Task prompt: Below are some records. Return exactly the lines from the one containing "land cover: Grassland" through the one containing "longitude: 24.1227", both included, and only those.
----------------------------------------
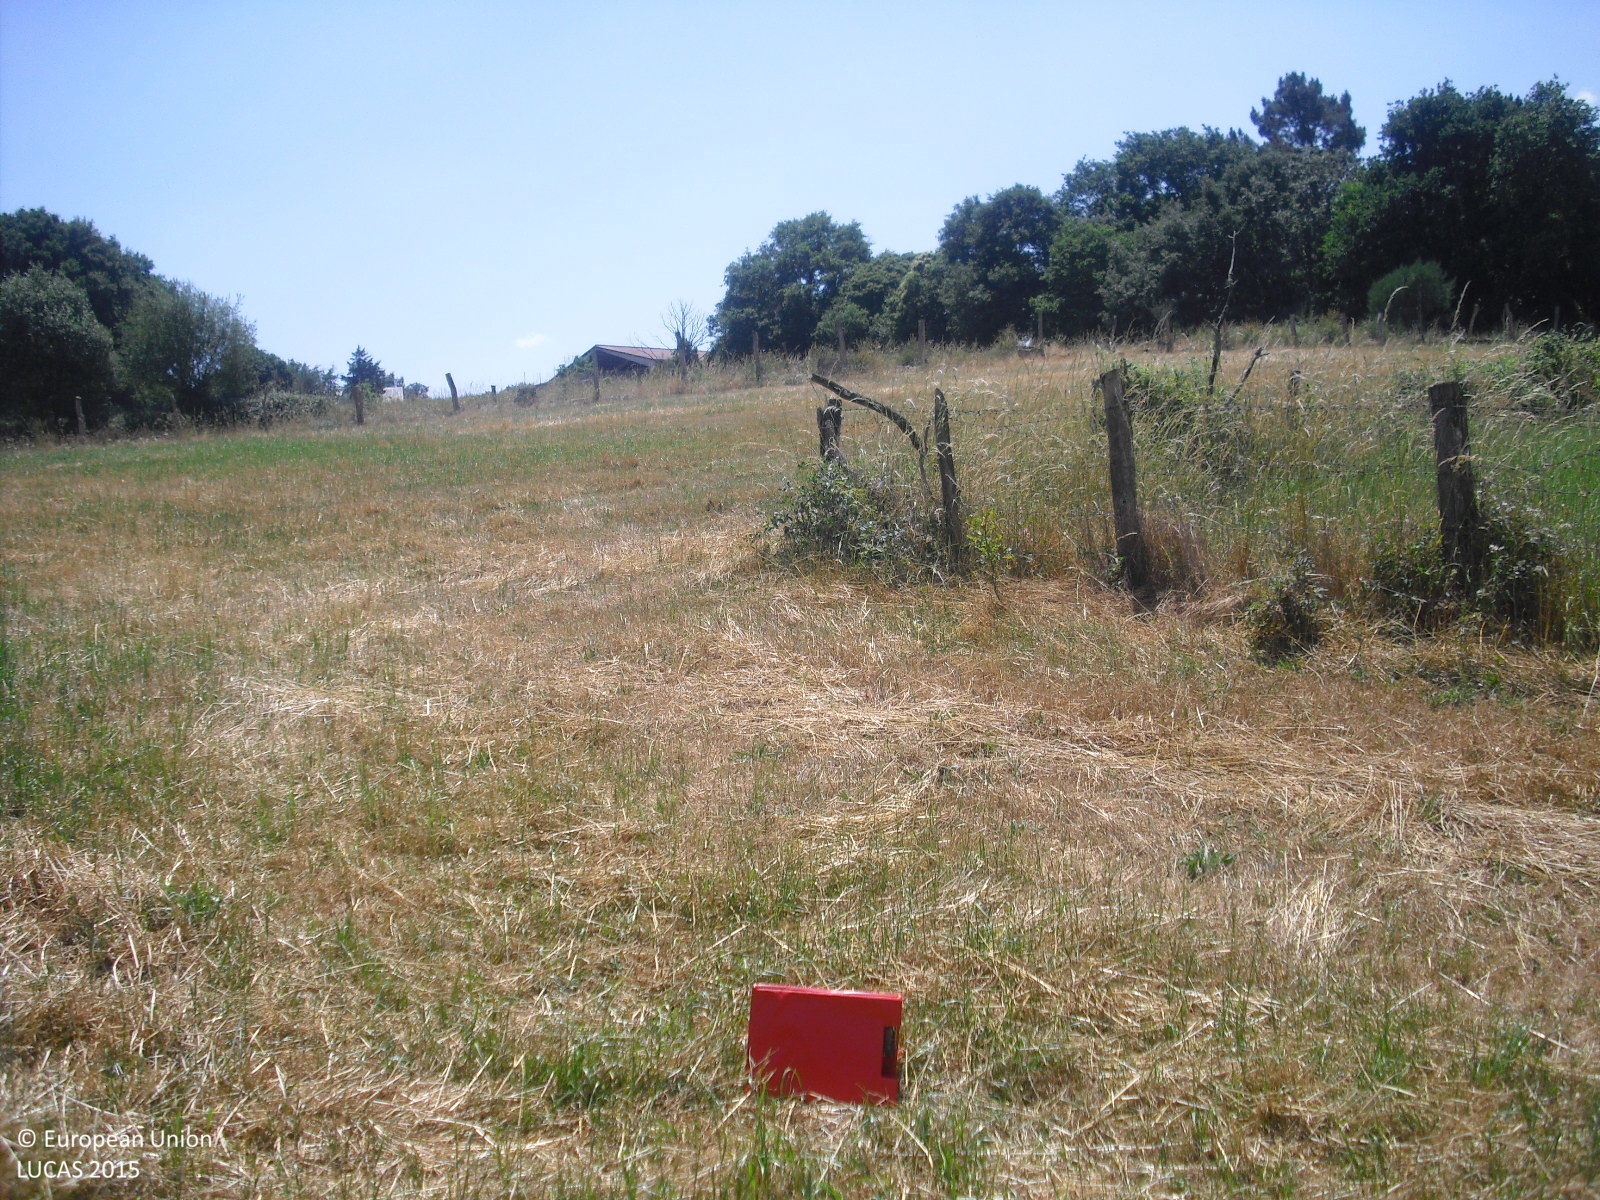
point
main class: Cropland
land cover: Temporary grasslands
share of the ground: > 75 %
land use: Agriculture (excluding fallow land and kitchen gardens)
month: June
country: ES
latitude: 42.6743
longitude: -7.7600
----------------------------------------
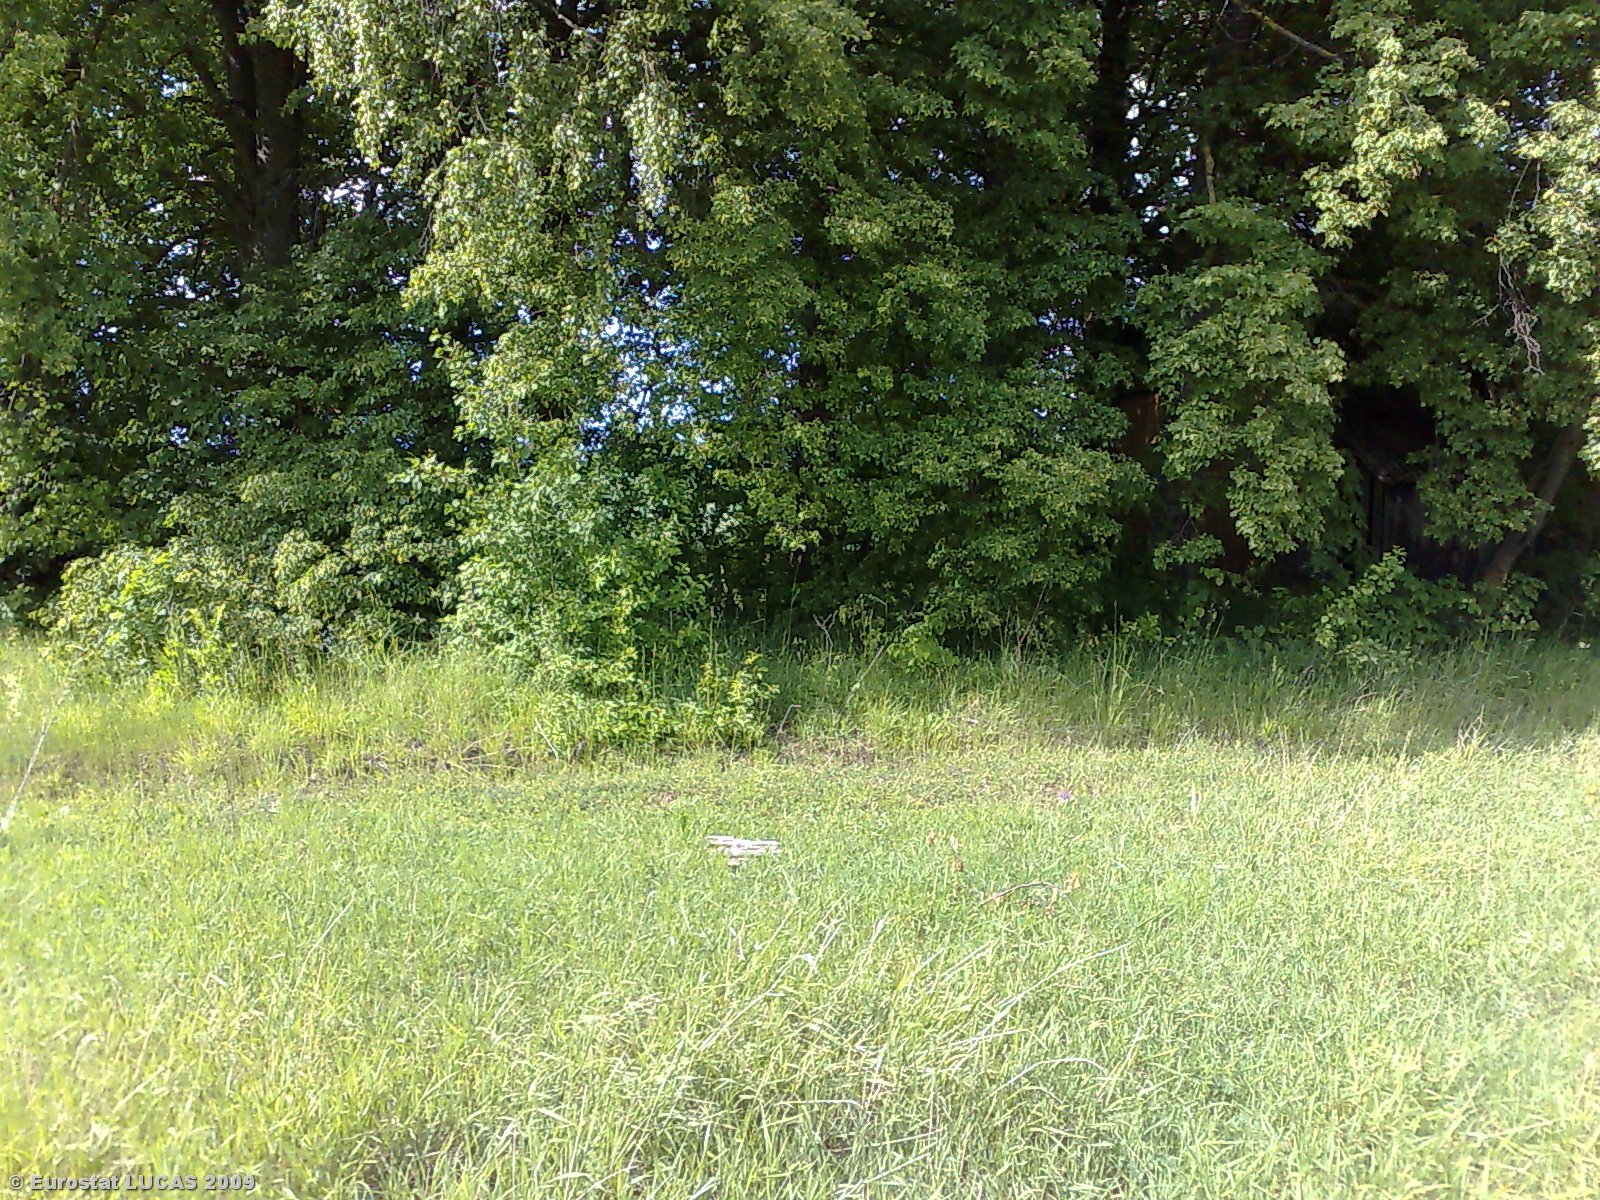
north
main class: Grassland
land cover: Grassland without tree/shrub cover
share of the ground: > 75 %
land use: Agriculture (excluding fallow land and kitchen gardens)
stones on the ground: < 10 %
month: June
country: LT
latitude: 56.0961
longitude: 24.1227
----------------------------------------
Exercise answer:
land cover: Grassland without tree/shrub cover
share of the ground: > 75 %
land use: Agriculture (excluding fallow land and kitchen gardens)
stones on the ground: < 10 %
month: June
country: LT
latitude: 56.0961
longitude: 24.1227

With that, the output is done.